Records from a collection:
== Segment start ==
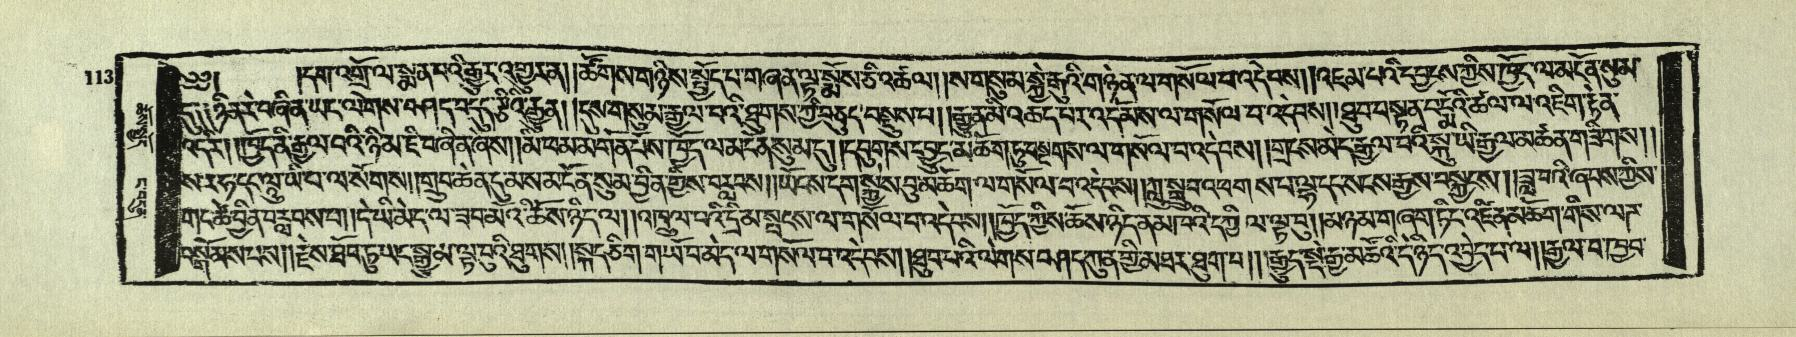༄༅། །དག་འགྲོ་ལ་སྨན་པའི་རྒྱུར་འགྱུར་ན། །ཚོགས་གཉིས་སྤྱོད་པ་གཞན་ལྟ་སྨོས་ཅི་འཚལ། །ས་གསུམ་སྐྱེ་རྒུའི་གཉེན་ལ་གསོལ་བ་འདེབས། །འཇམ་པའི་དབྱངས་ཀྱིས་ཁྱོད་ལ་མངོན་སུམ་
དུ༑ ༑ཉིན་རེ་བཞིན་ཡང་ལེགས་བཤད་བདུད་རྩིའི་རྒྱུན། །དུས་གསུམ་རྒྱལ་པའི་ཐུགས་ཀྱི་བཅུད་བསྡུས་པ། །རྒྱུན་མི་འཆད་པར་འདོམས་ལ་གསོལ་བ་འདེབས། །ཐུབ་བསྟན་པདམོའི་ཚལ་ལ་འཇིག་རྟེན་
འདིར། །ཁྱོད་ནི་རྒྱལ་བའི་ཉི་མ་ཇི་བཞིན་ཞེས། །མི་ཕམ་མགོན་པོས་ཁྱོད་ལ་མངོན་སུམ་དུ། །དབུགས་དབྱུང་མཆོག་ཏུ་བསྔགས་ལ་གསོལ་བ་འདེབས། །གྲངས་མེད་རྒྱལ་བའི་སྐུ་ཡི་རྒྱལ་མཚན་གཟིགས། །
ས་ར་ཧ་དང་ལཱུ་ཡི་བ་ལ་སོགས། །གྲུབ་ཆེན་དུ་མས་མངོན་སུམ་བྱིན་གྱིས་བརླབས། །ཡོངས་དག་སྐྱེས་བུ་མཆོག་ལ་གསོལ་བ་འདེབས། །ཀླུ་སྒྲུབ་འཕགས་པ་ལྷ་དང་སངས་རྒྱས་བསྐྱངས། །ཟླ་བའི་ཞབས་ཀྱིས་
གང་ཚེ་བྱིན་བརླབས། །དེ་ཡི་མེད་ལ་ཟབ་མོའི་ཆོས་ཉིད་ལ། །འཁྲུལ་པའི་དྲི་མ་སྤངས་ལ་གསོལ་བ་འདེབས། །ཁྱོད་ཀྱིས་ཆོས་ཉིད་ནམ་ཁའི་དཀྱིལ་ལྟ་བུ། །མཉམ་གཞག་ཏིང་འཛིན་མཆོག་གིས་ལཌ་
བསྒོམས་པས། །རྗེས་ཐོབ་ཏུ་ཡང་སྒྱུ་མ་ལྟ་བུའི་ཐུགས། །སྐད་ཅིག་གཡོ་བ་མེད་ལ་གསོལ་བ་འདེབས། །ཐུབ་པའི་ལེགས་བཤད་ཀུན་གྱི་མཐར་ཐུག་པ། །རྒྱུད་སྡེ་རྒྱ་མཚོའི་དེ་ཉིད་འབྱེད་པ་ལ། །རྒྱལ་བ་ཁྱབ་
== Segment end ==
== Segment start ==
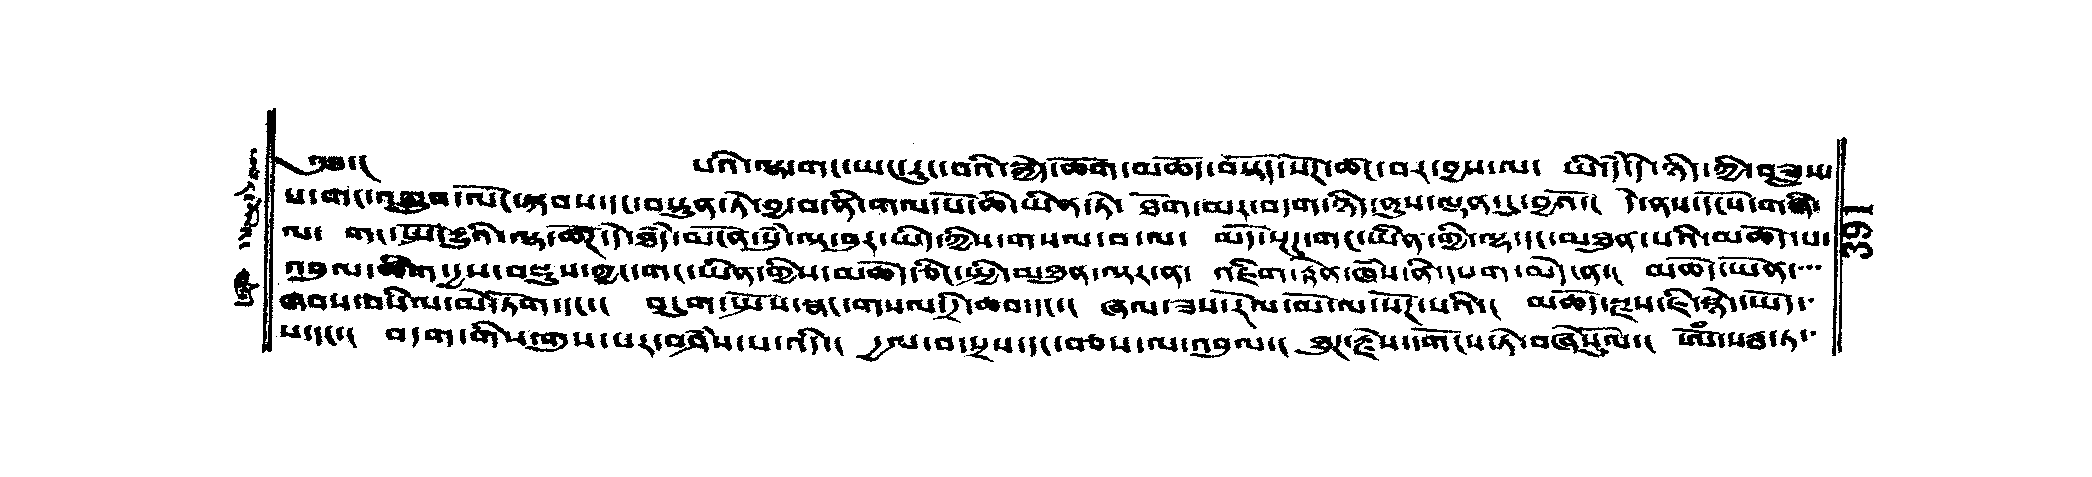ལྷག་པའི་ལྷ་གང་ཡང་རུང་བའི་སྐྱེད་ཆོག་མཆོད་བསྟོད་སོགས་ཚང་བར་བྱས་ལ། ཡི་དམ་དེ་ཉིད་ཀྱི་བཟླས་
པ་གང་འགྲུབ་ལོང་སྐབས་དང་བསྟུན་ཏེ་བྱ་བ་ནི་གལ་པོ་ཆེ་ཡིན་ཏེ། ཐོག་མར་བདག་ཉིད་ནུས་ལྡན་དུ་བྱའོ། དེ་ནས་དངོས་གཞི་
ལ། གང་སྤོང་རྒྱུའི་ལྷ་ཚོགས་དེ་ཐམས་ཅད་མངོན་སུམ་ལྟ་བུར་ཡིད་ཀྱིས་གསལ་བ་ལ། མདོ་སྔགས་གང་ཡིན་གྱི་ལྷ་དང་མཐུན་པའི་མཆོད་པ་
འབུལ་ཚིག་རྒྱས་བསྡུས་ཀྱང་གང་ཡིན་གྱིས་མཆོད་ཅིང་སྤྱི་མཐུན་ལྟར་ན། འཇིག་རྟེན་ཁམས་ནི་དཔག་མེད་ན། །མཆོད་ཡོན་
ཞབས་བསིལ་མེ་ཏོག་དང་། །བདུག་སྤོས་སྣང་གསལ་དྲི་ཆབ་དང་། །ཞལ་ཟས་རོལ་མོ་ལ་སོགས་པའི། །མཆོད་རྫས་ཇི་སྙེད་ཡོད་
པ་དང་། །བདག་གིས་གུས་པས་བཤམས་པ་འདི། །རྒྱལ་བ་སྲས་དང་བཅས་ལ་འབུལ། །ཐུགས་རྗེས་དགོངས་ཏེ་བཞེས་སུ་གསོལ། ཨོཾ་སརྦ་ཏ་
== Segment end ==
Task item: For the data above, set down exactly the lines from the line with "ལྷག་པའི་ལྷ་གང་" to the line with "པ་དང་། །བདག་གིས་གུས་པས་བཤམས་པ་འདི། །རྒྱལ་བ་སྲས་དང་བཅས་ལ་འབུལ།", both included, leaving pictures out.

Result of the task:
ལྷག་པའི་ལྷ་གང་ཡང་རུང་བའི་སྐྱེད་ཆོག་མཆོད་བསྟོད་སོགས་ཚང་བར་བྱས་ལ། ཡི་དམ་དེ་ཉིད་ཀྱི་བཟླས་
པ་གང་འགྲུབ་ལོང་སྐབས་དང་བསྟུན་ཏེ་བྱ་བ་ནི་གལ་པོ་ཆེ་ཡིན་ཏེ། ཐོག་མར་བདག་ཉིད་ནུས་ལྡན་དུ་བྱའོ། དེ་ནས་དངོས་གཞི་
ལ། གང་སྤོང་རྒྱུའི་ལྷ་ཚོགས་དེ་ཐམས་ཅད་མངོན་སུམ་ལྟ་བུར་ཡིད་ཀྱིས་གསལ་བ་ལ། མདོ་སྔགས་གང་ཡིན་གྱི་ལྷ་དང་མཐུན་པའི་མཆོད་པ་
འབུལ་ཚིག་རྒྱས་བསྡུས་ཀྱང་གང་ཡིན་གྱིས་མཆོད་ཅིང་སྤྱི་མཐུན་ལྟར་ན། འཇིག་རྟེན་ཁམས་ནི་དཔག་མེད་ན། །མཆོད་ཡོན་
ཞབས་བསིལ་མེ་ཏོག་དང་། །བདུག་སྤོས་སྣང་གསལ་དྲི་ཆབ་དང་། །ཞལ་ཟས་རོལ་མོ་ལ་སོགས་པའི། །མཆོད་རྫས་ཇི་སྙེད་ཡོད་
པ་དང་། །བདག་གིས་གུས་པས་བཤམས་པ་འདི། །རྒྱལ་བ་སྲས་དང་བཅས་ལ་འབུལ། །ཐུགས་རྗེས་དགོངས་ཏེ་བཞེས་སུ་གསོལ། ཨོཾ་སརྦ་ཏ་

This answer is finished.